ある事業の関係で、2006年度の地域中小企業知的財産戦略支援事業で㈱ブライナさんが支援された㈱フィーサさんの事例(「中小・ベンチャー企業知的財産戦略マニュアル2006」の58-64p.)について調べる機会がありました。同社は、プラスチック射出成型ノズルの市場をリードする技術志向型の中小企業です。雑誌・発明の2011年2月号に同社の斎藤社長のインタビューが掲載されているのですが、以下の部分を非常に興味深く読みました。

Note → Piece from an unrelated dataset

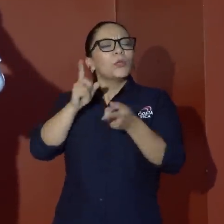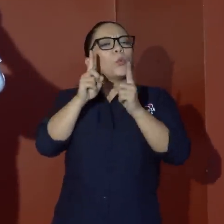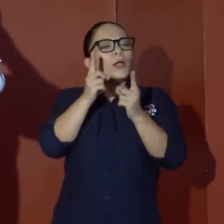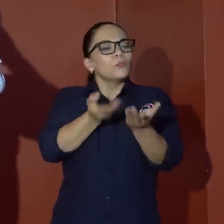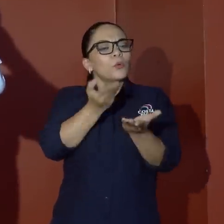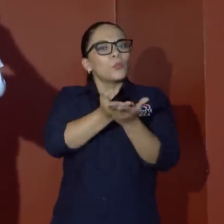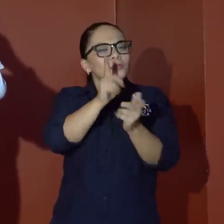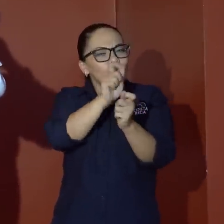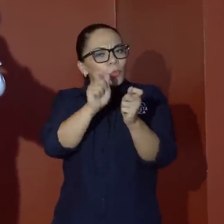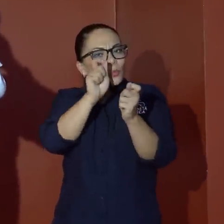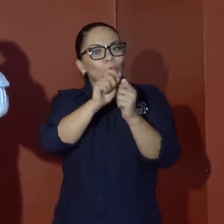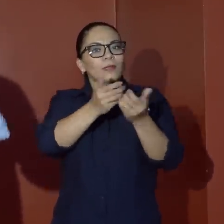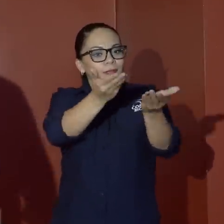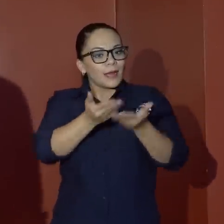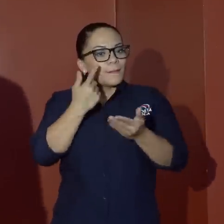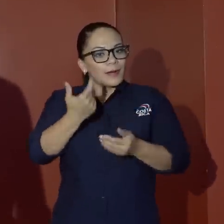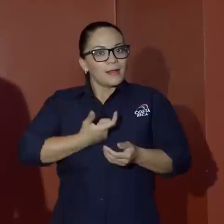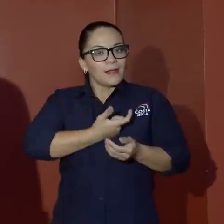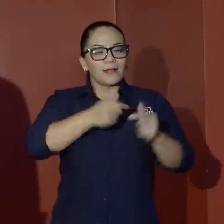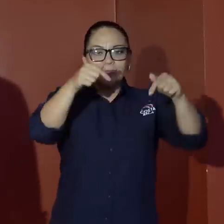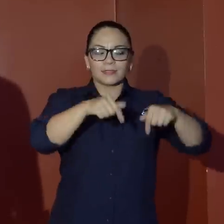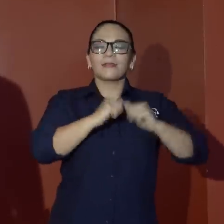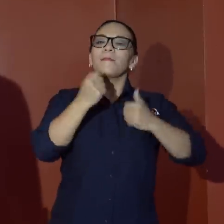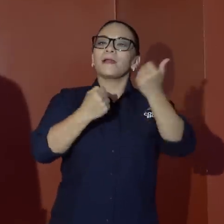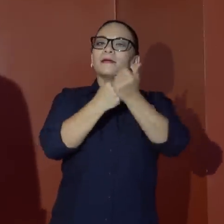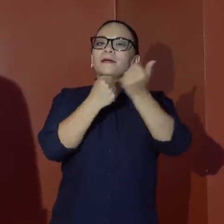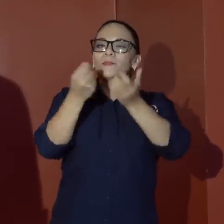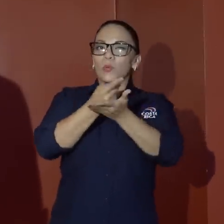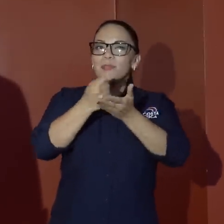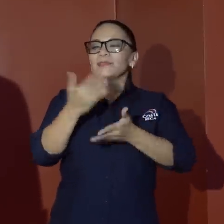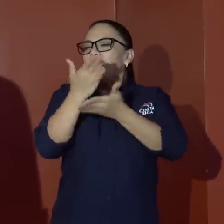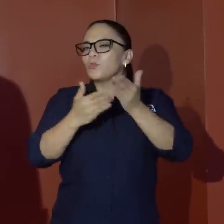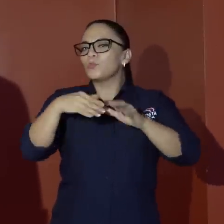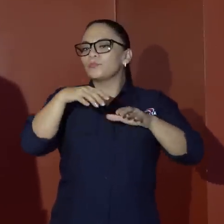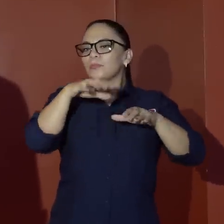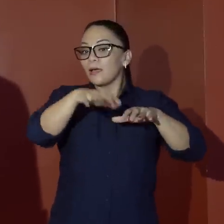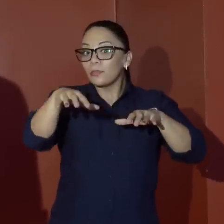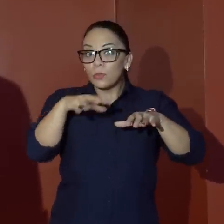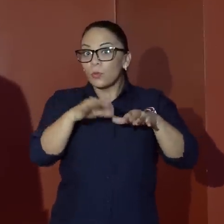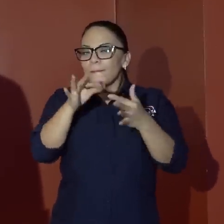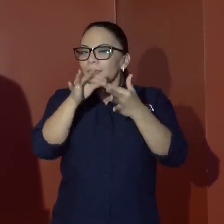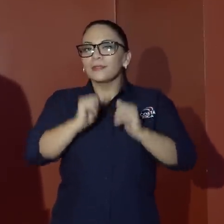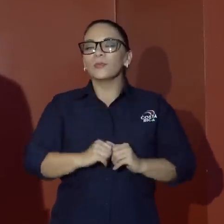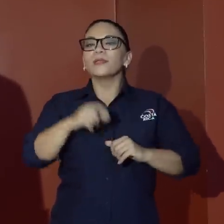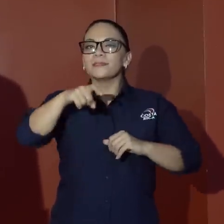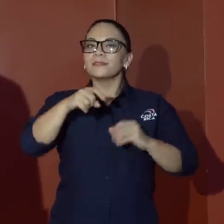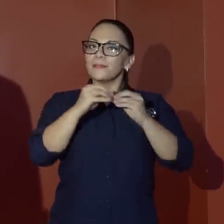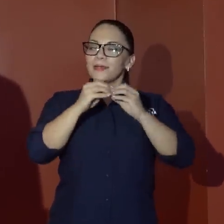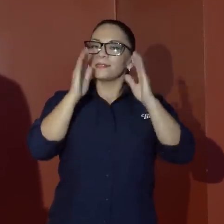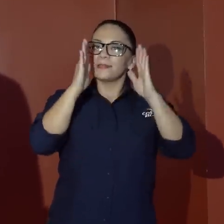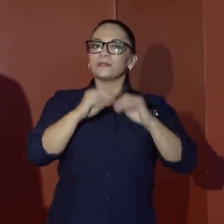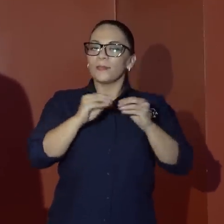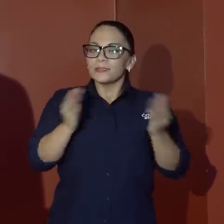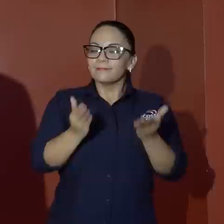trae el gobierno para los alcaldes con tal de favorecer a la provincia. Y si hay algún cantón en particular que usted considere que necesite, pues más
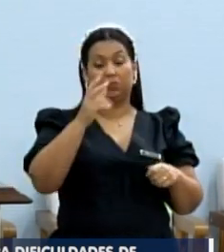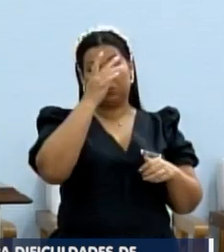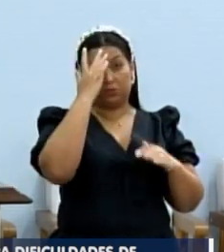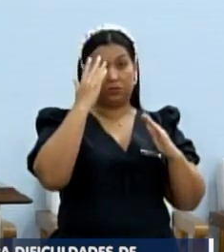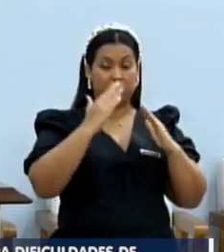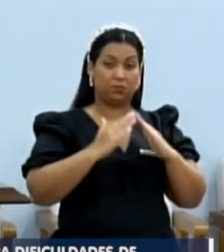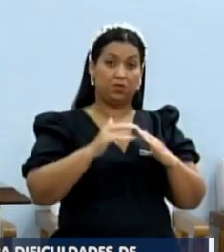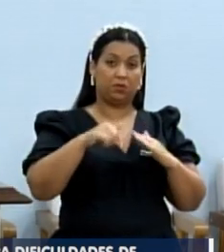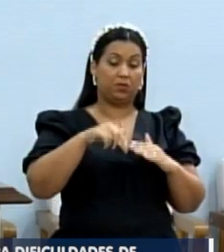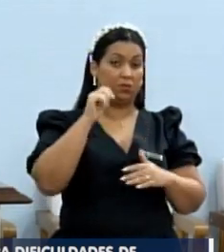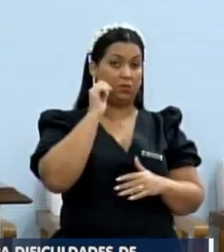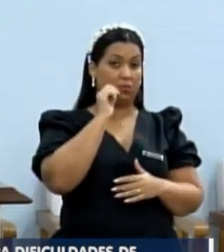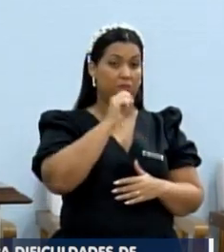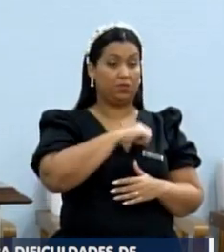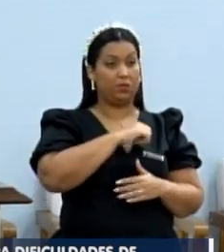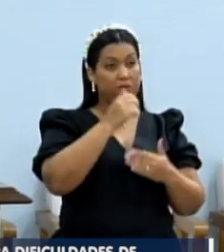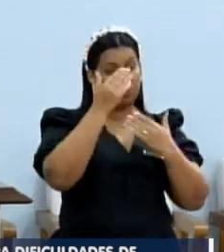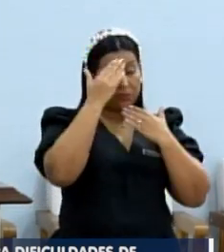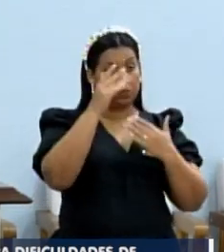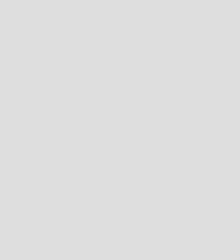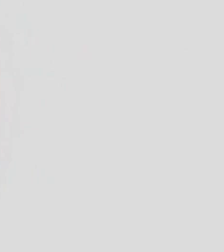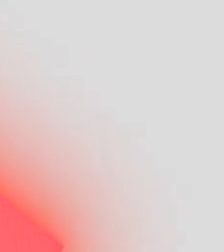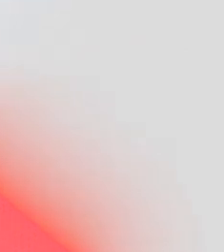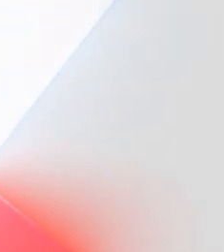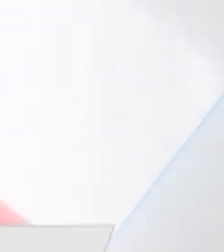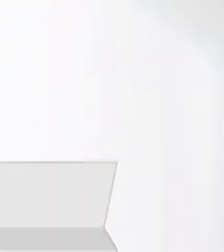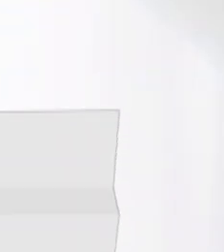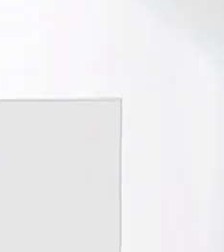Muito obrigado, presidente, uma boa tarde a todos.

まず、支援を受ける前の「知財」の位置付けについて、次のように答えられています。
「『他社にまねされたら困る』。そのための知財という認識でした。」
そして、地域中小企業知的財産戦略支援事業における支援では、PDCAサイクルを意識しながら、経営者・部門長・開発者・企画室が連携した知財活動のワークフローが整備されます(「中小・ベンチャー企業知的財産戦略マニュアル2006」の62p.)。これによって、同社の知財活動は全社一体の組織的な取組みとなり、現在の知財に対する考え方について、斎藤社長は次のように答えられています。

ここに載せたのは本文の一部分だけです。